We learn this in the extended introduction that forms the backbone of the book: It gives us Phillips’ story of how he came to possess the play, his back-and-forth over its authenticity, his ruminations on family and fiction, on the falsity of memoir and how the people closest to us let us down. “[M]y father,” he writes early in the novel, “… was extolling the greatness of anyone who adds to the world’s store of wonder and magic, disorder, confusion, possibility, ‘the wizards.’ If he had been trying to hypnotize me for life ahead, it wouldn’t have been much different.”
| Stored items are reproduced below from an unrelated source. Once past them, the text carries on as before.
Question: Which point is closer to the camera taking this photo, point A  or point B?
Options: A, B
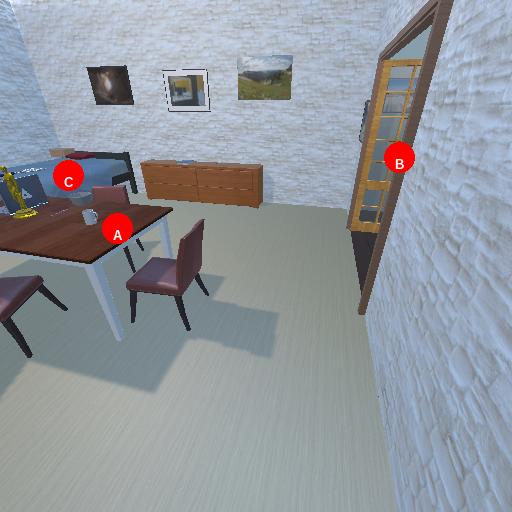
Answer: A
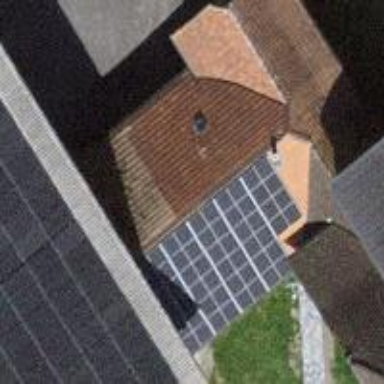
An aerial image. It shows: Solar power generator using photovoltaic method with solar photovoltaic panel types.
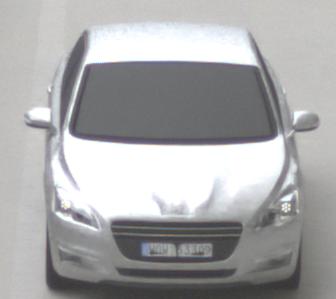
Make: Peugeot
Model: 508 120 VTi
Detailed model: 508 (I) Limousine
Model produced from: 2011/03
Model produced until: 2014/05
Doors: 4
Color: white
Road condition: dry road
Daytime: morning or afternoon
Contrast: low contrast
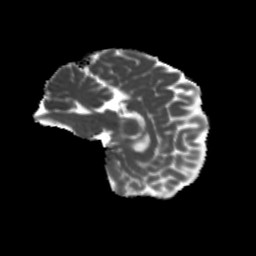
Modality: MD
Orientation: sagittal
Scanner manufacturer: siemens
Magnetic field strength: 3 T
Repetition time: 4 s
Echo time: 0.0594 s
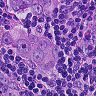
Metastatic tissue present: yes
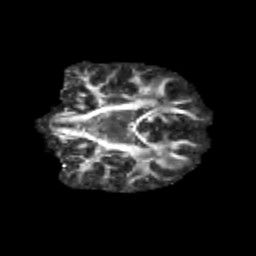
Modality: FA
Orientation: coronal
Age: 9
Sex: male
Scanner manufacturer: siemens
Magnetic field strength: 3 T
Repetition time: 3.8 s
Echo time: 0.07 s
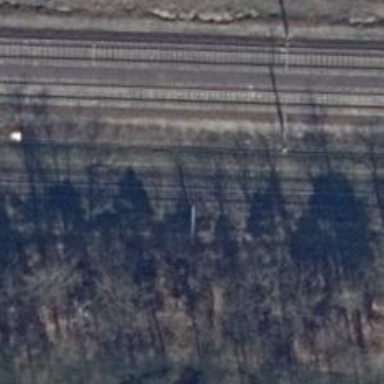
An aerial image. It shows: Milestone along the railway track with catenary mast.

What he’s evoking are the roots of his literary imagination, which is itself a response to “the world’s vanishing faith in wonder,” much as the father claims his own exploits to be. And yet, who is this father? How real is he? And what does it mean if he never actually existed, in this form anyway? These questions are delirious, infectious, and as “The Tragedy of Arthur” progresses, we begin to understand that not only are they at the heart of Phillips’ narrative, but so is the confusion (or better yet: derangement) they provoke.

The reason all this works is that Phillips never breaks character, never lets on that the whole book is an elaborate put-on. Slowly, across 256 pages (the length of the introduction; the play itself comes in at a tidy 106), he develops the con, stringing us along with allusions and anecdotes and always, always implicating himself. “Like most good pigeons, I took on most of the work of conning me myself,” he writes after a prison visit in which his father reveals the existence of something, he won’t say what, that he wants to share.

The item in question, it turns out, is “a quarto edition, dated 1597” of the play “The Tragedy of Arthur”: a work unrecorded, unremarked on, never before known to exist. To make this credible, Phillips offers a good deal of background, and among the pleasures of “The Tragedy of Arthur” is its crash course in Shakespearean scholarship, the arguments over disputed plays such as “Edward III” or “The Two Noble Kinsmen,” the fate of lost works such as “Cardenio” and “Love’s Labour’s Won.”

All protestations to the contrary — “I have never much liked Shakespeare,” the book begins, “I find the plays more pleasant to read than to watch, but I could do without him, up to and including this unstoppable and unfortunate book” — Phillips clearly has an affinity for the playwright, and the novel works with classic tropes. There’s a dark lady and some conjecture about who wrote the plays; there are romantic complications in which the twins are involved. There are odd coincidences and curiosities; in the novel, as in real life, Phillips and Shakespeare share a birthday, April 23.

Most important, there are questions about heritage and legacy, and who is fit to wear the crown. When, at the end of the play’s first act, young King Arthur declares, “I bear his blood, his wit, his faults, his sin, / Save he did crave a kingdom for his own, / While crown unsought now perches up on me. / This glistering ring was plucked o’ my father’s / corpse,” he is speaking not just for Shakespeare’s reluctant heirs and kings (Prince Hal, Hamlet), but also for the character of Phillips himself.

Advertisement

Eventually, the narrator becomes convinced that the play is just another forgery, but there’s nothing he can do to make it right. This is a metaphor for fate and family, which bind Phillips as tightly as they do Arthur, or any character in Shakespeare’s work. Yet, Phillips suggests, none of that may make a difference if we allow ourselves to be ennobled, rather than diminished, by circumstance. As he reflects of Shakespeare: “(A) We judge him the best. (B) He has survived all this time. But, really, what if it’s the other way around?”

The implication is that he’s just a writer, one who worked out of a combination of necessity and opportunity, not unlike Phillips himself. “He deserves only what you deserve,” Phillips’ twin argues: “To be read and treated like a writer … not to be punished with this religion of his perfection and prophecy.” The same, this deft, delightful novel argues, is true of all of us, in literature as in life.